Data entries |
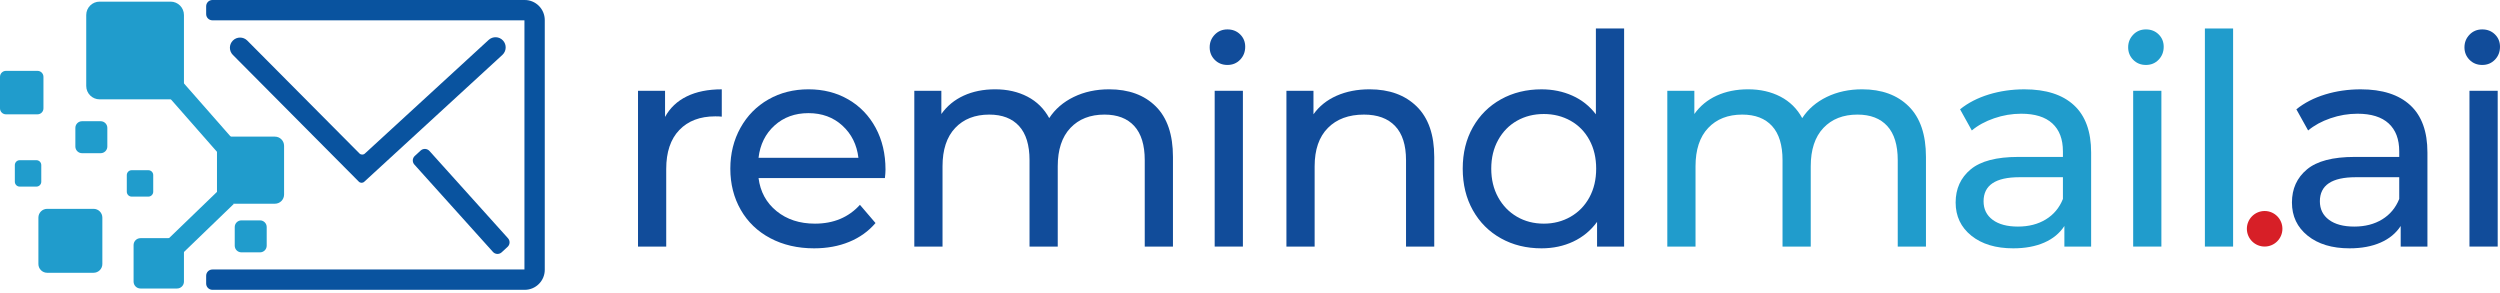 <svg width="290" height="34" viewBox="0 0 290 34" fill="none" xmlns="http://www.w3.org/2000/svg">
<path d="M79.669 11.18C80.782 10.634 82.134 10.362 83.726 10.362V13.532C83.544 13.509 83.293 13.497 82.975 13.497C81.203 13.497 79.809 14.025 78.799 15.082C77.787 16.14 77.282 17.644 77.282 19.6V28.602H74.009V10.531H77.146V13.565C77.715 12.52 78.556 11.724 79.669 11.18Z" fill="#114C9A"/>
<path d="M102.718 19.669C102.718 17.851 102.337 16.236 101.577 14.827C100.814 13.417 99.758 12.32 98.406 11.537C97.054 10.754 95.514 10.36 93.787 10.36C92.06 10.36 90.508 10.752 89.133 11.537C87.758 12.32 86.678 13.419 85.894 14.827C85.111 16.236 84.718 17.815 84.718 19.565C84.718 21.338 85.121 22.929 85.927 24.339C86.733 25.749 87.875 26.846 89.353 27.629C90.831 28.412 92.523 28.806 94.434 28.806C95.935 28.806 97.293 28.557 98.509 28.056C99.725 27.557 100.742 26.827 101.56 25.873L99.752 23.76C98.433 25.215 96.695 25.943 94.535 25.943C92.763 25.943 91.278 25.461 90.087 24.494C88.894 23.527 88.195 22.249 87.991 20.658H102.65C102.696 20.248 102.718 19.92 102.718 19.669ZM87.989 18.306C88.17 16.76 88.791 15.511 89.846 14.557C90.903 13.602 92.216 13.124 93.783 13.124C95.35 13.124 96.665 13.606 97.72 14.573C98.777 15.54 99.396 16.785 99.577 18.306H87.989Z" fill="#114C9A"/>
<path d="M134.068 12.339C135.398 13.658 136.063 15.612 136.063 18.203V28.602H132.79V18.578C132.79 16.828 132.386 15.509 131.58 14.623C130.772 13.736 129.62 13.293 128.119 13.293C126.46 13.293 125.141 13.81 124.164 14.845C123.187 15.88 122.698 17.362 122.698 19.293V28.602H119.425V18.578C119.425 16.828 119.021 15.509 118.215 14.623C117.407 13.736 116.255 13.293 114.754 13.293C113.095 13.293 111.776 13.81 110.799 14.845C109.822 15.88 109.333 17.362 109.333 19.293V28.602H106.06V10.531H109.197V13.225C109.857 12.293 110.72 11.584 111.788 11.094C112.856 10.605 114.072 10.36 115.436 10.36C116.846 10.36 118.095 10.644 119.186 11.211C120.276 11.78 121.117 12.609 121.709 13.701C122.391 12.656 123.339 11.838 124.555 11.246C125.772 10.655 127.14 10.36 128.664 10.36C130.937 10.362 132.739 11.021 134.068 12.339Z" fill="#114C9A"/>
<path d="M140.909 6.94C140.517 6.544 140.322 6.06 140.322 5.489C140.322 4.918 140.517 4.43 140.909 4.022C141.301 3.615 141.791 3.411 142.383 3.411C142.974 3.411 143.467 3.605 143.857 3.989C144.248 4.374 144.444 4.852 144.444 5.423C144.444 6.017 144.248 6.518 143.857 6.924C143.465 7.332 142.974 7.534 142.383 7.534C141.793 7.534 141.301 7.336 140.909 6.94Z" fill="#114C9A"/>
<path d="M144.176 10.531H140.903V28.602H144.176V10.531Z" fill="#114C9A"/>
<path d="M164.344 12.355C165.696 13.685 166.372 15.635 166.372 18.203V28.602H163.099V18.578C163.099 16.828 162.678 15.509 161.837 14.623C160.996 13.736 159.793 13.293 158.224 13.293C156.451 13.293 155.054 13.81 154.031 14.845C153.009 15.88 152.498 17.362 152.498 19.293V28.602H149.225V10.531H152.362V13.258C153.021 12.326 153.914 11.611 155.037 11.11C156.163 10.611 157.441 10.36 158.873 10.36C161.165 10.362 162.99 11.026 164.344 12.355Z" fill="#114C9A"/>
<path d="M185.123 3.304V13.26C184.396 12.306 183.487 11.584 182.396 11.096C181.306 10.607 180.112 10.362 178.816 10.362C177.066 10.362 175.497 10.749 174.11 11.52C172.723 12.293 171.639 13.373 170.853 14.759C170.07 16.146 169.676 17.747 169.676 19.565C169.676 21.384 170.068 22.991 170.853 24.391C171.637 25.788 172.723 26.875 174.11 27.648C175.495 28.421 177.064 28.806 178.816 28.806C180.156 28.806 181.384 28.544 182.497 28.023C183.61 27.499 184.532 26.739 185.259 25.739V28.602H188.397V3.304H185.123ZM184.373 22.89C183.849 23.857 183.122 24.607 182.19 25.141C181.258 25.675 180.224 25.943 179.088 25.943C177.93 25.943 176.889 25.677 175.969 25.141C175.048 24.607 174.32 23.857 173.786 22.89C173.253 21.924 172.985 20.817 172.985 19.565C172.985 18.316 173.25 17.207 173.786 16.241C174.32 15.274 175.048 14.53 175.969 14.008C176.891 13.485 177.93 13.225 179.088 13.225C180.224 13.225 181.258 13.487 182.19 14.008C183.122 14.532 183.849 15.276 184.373 16.241C184.897 17.207 185.156 18.314 185.156 19.565C185.158 20.817 184.897 21.926 184.373 22.89Z" fill="#114C9A"/>
<path d="M221.416 12.339C222.746 13.658 223.411 15.612 223.411 18.203V28.602H220.138V18.578C220.138 16.828 219.734 15.509 218.928 14.623C218.12 13.736 216.968 13.293 215.467 13.293C213.808 13.293 212.489 13.81 211.512 14.845C210.535 15.88 210.046 17.362 210.046 19.293V28.602H206.773V18.578C206.773 16.828 206.369 15.509 205.563 14.623C204.755 13.736 203.603 13.293 202.102 13.293C200.443 13.293 199.124 13.81 198.147 14.845C197.17 15.88 196.681 17.362 196.681 19.293V28.602H193.408V10.531H196.545V13.225C197.205 12.293 198.068 11.584 199.136 11.094C200.204 10.605 201.42 10.36 202.784 10.36C204.194 10.36 205.443 10.644 206.534 11.211C207.624 11.78 208.465 12.609 209.057 13.701C209.739 12.656 210.687 11.838 211.903 11.246C213.12 10.655 214.488 10.36 216.011 10.36C218.285 10.362 220.087 11.021 221.416 12.339Z" fill="#209CCC"/>
<path d="M240.577 12.203C239.248 10.976 237.333 10.362 234.833 10.362C233.377 10.362 232.003 10.562 230.708 10.957C229.412 11.355 228.298 11.928 227.367 12.679L228.731 15.134C229.436 14.542 230.3 14.072 231.322 13.72C232.345 13.367 233.39 13.192 234.46 13.192C236.051 13.192 237.255 13.567 238.073 14.317C238.891 15.068 239.299 16.148 239.299 17.556V18.203H234.117C231.594 18.203 229.754 18.685 228.593 19.652C227.435 20.619 226.854 21.897 226.854 23.488C226.854 25.079 227.462 26.363 228.678 27.34C229.894 28.317 231.512 28.806 233.536 28.806C234.921 28.806 236.121 28.583 237.133 28.14C238.145 27.697 238.922 27.056 239.468 26.215V28.602H242.571V17.692C242.573 15.259 241.907 13.429 240.577 12.203ZM239.299 23.078C238.891 24.1 238.232 24.89 237.323 25.448C236.414 26.005 235.334 26.283 234.084 26.283C232.833 26.283 231.856 26.021 231.151 25.5C230.446 24.976 230.094 24.261 230.094 23.352C230.094 21.488 231.479 20.557 234.253 20.557H239.299V23.078Z" fill="#209CCC"/>
<path d="M247.454 6.94C247.062 6.544 246.866 6.06 246.866 5.489C246.866 4.918 247.062 4.43 247.454 4.022C247.845 3.615 248.336 3.411 248.927 3.411C249.519 3.411 250.012 3.605 250.401 3.989C250.793 4.374 250.989 4.852 250.989 5.423C250.989 6.017 250.793 6.518 250.401 6.924C250.01 7.332 249.519 7.534 248.927 7.534C248.336 7.534 247.845 7.336 247.454 6.94Z" fill="#209CCC"/>
<path d="M250.721 10.531H247.448V28.602H250.721V10.531Z" fill="#209CCC"/>
<path d="M259.04 3.304H255.767V28.602H259.04V3.304Z" fill="#209CCC"/>
<path d="M279.589 12.203C278.259 10.976 276.344 10.362 273.844 10.362C272.389 10.362 271.014 10.562 269.719 10.957C268.423 11.355 267.31 11.928 266.378 12.679L267.743 15.134C268.448 14.542 269.311 14.072 270.334 13.72C271.356 13.367 272.401 13.192 273.471 13.192C275.062 13.192 276.266 13.567 277.084 14.317C277.903 15.068 278.311 16.148 278.311 17.556V18.203H273.129C270.606 18.203 268.765 18.685 267.605 19.652C266.446 20.619 265.865 21.897 265.865 23.488C265.865 25.079 266.473 26.363 267.689 27.34C268.905 28.317 270.523 28.806 272.547 28.806C273.933 28.806 275.132 28.583 276.144 28.14C277.156 27.697 277.934 27.056 278.48 26.215V28.602H281.582V17.692C281.584 15.259 280.918 13.429 279.589 12.203ZM278.311 23.078C277.903 24.1 277.243 24.89 276.334 25.448C275.425 26.005 274.345 26.283 273.096 26.283C271.845 26.283 270.868 26.021 270.163 25.5C269.458 24.976 269.105 24.261 269.105 23.352C269.105 21.488 270.49 20.557 273.265 20.557H278.311V23.078Z" fill="#114C9A"/>
<path d="M286.465 6.94C286.073 6.544 285.877 6.06 285.877 5.489C285.877 4.918 286.073 4.43 286.465 4.022C286.856 3.615 287.347 3.411 287.938 3.411C288.53 3.411 289.023 3.605 289.412 3.989C289.804 4.374 290 4.852 290 5.423C290 6.017 289.804 6.518 289.412 6.924C289.02 7.332 288.53 7.534 287.938 7.534C287.347 7.534 286.856 7.336 286.465 6.94Z" fill="#114C9A"/>
<path d="M289.732 10.531H286.458V28.602H289.732V10.531Z" fill="#114C9A"/>
<path d="M264.76 26.538C264.76 25.401 263.837 24.477 262.699 24.477C261.561 24.477 260.637 25.401 260.637 26.538C260.637 27.676 261.561 28.6 262.699 28.6C263.837 28.6 264.76 27.676 264.76 26.538Z" fill="#D71F27"/>
<path d="M60.868 0H24.64C24.24 0 23.914 0.326 23.914 0.726V1.633C23.914 2.032 24.24 2.358 24.64 2.358H60.835V31.261H24.64C24.24 31.261 23.914 31.587 23.914 31.987V32.894C23.914 33.293 24.24 33.619 24.64 33.619H60.868C62.152 33.619 63.193 32.578 63.193 31.294V2.325C63.191 1.041 62.15 0 60.868 0Z" fill="#09539F"/>
<path d="M58.349 4.7C57.908 4.219 57.164 4.189 56.684 4.63L42.325 17.813C42.146 17.978 41.867 17.972 41.696 17.799L28.684 4.706C28.224 4.244 27.478 4.242 27.016 4.702C26.554 5.161 26.552 5.908 27.012 6.369L41.622 21.07C41.793 21.243 42.072 21.25 42.251 21.085L58.279 6.367C58.757 5.924 58.788 5.178 58.349 4.7Z" fill="#09539F"/>
<path d="M48.791 17.467L48.113 18.092C47.827 18.356 47.806 18.799 48.066 19.089L57.183 29.223C57.447 29.515 57.9 29.538 58.191 29.27L58.881 28.635C59.168 28.371 59.188 27.928 58.928 27.637L49.822 17.517C49.552 17.216 49.09 17.193 48.791 17.467Z" fill="#09539F"/>
<path d="M21.338 9.972V1.742C21.338 0.884 20.643 0.19 19.786 0.19H11.555C10.698 0.19 10.003 0.884 10.003 1.742V9.972C10.003 10.83 10.698 11.524 11.555 11.524H19.786C20.641 11.523 21.338 10.828 21.338 9.972Z" fill="#209CCC"/>
<path d="M32.953 22.569V16.915C32.953 16.325 32.475 15.849 31.888 15.849H26.236C25.646 15.849 25.17 16.327 25.17 16.915V22.567C25.17 23.156 25.648 23.632 26.236 23.632H31.888C32.475 23.634 32.953 23.156 32.953 22.569Z" fill="#209CCC"/>
<path d="M21.338 32.667V28.427C21.338 27.986 20.979 27.627 20.538 27.627H16.296C15.855 27.627 15.496 27.986 15.496 28.427V32.667C15.496 33.108 15.855 33.467 16.296 33.467H20.536C20.979 33.467 21.338 33.108 21.338 32.667Z" fill="#209CCC"/>
<path d="M5.04 12.572V8.911C5.04 8.529 4.731 8.22 4.349 8.22H0.691C0.309 8.22 0 8.529 0 8.911V12.572C0 12.953 0.309 13.262 0.691 13.262H4.351C4.731 13.262 5.04 12.953 5.04 12.572Z" fill="#209CCC"/>
<path d="M11.873 30.626V25.242C11.873 24.681 11.417 24.226 10.857 24.226H5.471C4.91 24.226 4.454 24.681 4.454 25.242V30.626C4.454 31.187 4.91 31.642 5.471 31.642H10.855C11.417 31.64 11.873 31.187 11.873 30.626Z" fill="#209CCC"/>
<path d="M12.45 16.997V14.835C12.45 14.408 12.104 14.062 11.677 14.062H9.515C9.088 14.062 8.742 14.408 8.742 14.835V16.997C8.742 17.424 9.088 17.77 9.515 17.77H11.677C12.104 17.77 12.45 17.424 12.45 16.997Z" fill="#209CCC"/>
<path d="M30.937 28.499V26.337C30.937 25.91 30.591 25.564 30.164 25.564H28.002C27.575 25.564 27.229 25.91 27.229 26.337V28.499C27.229 28.926 27.575 29.272 28.002 29.272H30.164C30.591 29.272 30.937 28.926 30.937 28.499Z" fill="#209CCC"/>
<path d="M17.774 22.241V20.309C17.774 19.996 17.521 19.743 17.207 19.743H15.276C14.963 19.743 14.709 19.996 14.709 20.309V22.241C14.709 22.554 14.963 22.808 15.276 22.808H17.207C17.521 22.806 17.774 22.552 17.774 22.241Z" fill="#209CCC"/>
<path d="M4.788 21.081V19.149C4.788 18.836 4.535 18.582 4.221 18.582H2.288C1.975 18.582 1.721 18.836 1.721 19.149V21.081C1.721 21.394 1.975 21.647 2.288 21.647H4.219C4.533 21.647 4.788 21.394 4.788 21.081Z" fill="#209CCC"/>
<path d="M25.482 21.958L18.927 28.28L20.564 29.977L27.119 23.656L25.482 21.958Z" fill="#209CCC"/>
<path d="M20.63 8.868L18.858 10.424L25.414 17.889L27.186 16.334L20.63 8.868Z" fill="#209CCC"/>
</svg>

What to produce | Your answer should consist of the lines from the line with "22.569V16.915C32.953 16.325 32.475" to the line with "30.626V25.242C11.873 24.681 11.417" above, repeated exactly, both ends included.

Completed exercise |
<path d="M32.953 22.569V16.915C32.953 16.325 32.475 15.849 31.888 15.849H26.236C25.646 15.849 25.17 16.327 25.17 16.915V22.567C25.17 23.156 25.648 23.632 26.236 23.632H31.888C32.475 23.634 32.953 23.156 32.953 22.569Z" fill="#209CCC"/>
<path d="M21.338 32.667V28.427C21.338 27.986 20.979 27.627 20.538 27.627H16.296C15.855 27.627 15.496 27.986 15.496 28.427V32.667C15.496 33.108 15.855 33.467 16.296 33.467H20.536C20.979 33.467 21.338 33.108 21.338 32.667Z" fill="#209CCC"/>
<path d="M5.04 12.572V8.911C5.04 8.529 4.731 8.22 4.349 8.22H0.691C0.309 8.22 0 8.529 0 8.911V12.572C0 12.953 0.309 13.262 0.691 13.262H4.351C4.731 13.262 5.04 12.953 5.04 12.572Z" fill="#209CCC"/>
<path d="M11.873 30.626V25.242C11.873 24.681 11.417 24.226 10.857 24.226H5.471C4.91 24.226 4.454 24.681 4.454 25.242V30.626C4.454 31.187 4.91 31.642 5.471 31.642H10.855C11.417 31.64 11.873 31.187 11.873 30.626Z" fill="#209CCC"/>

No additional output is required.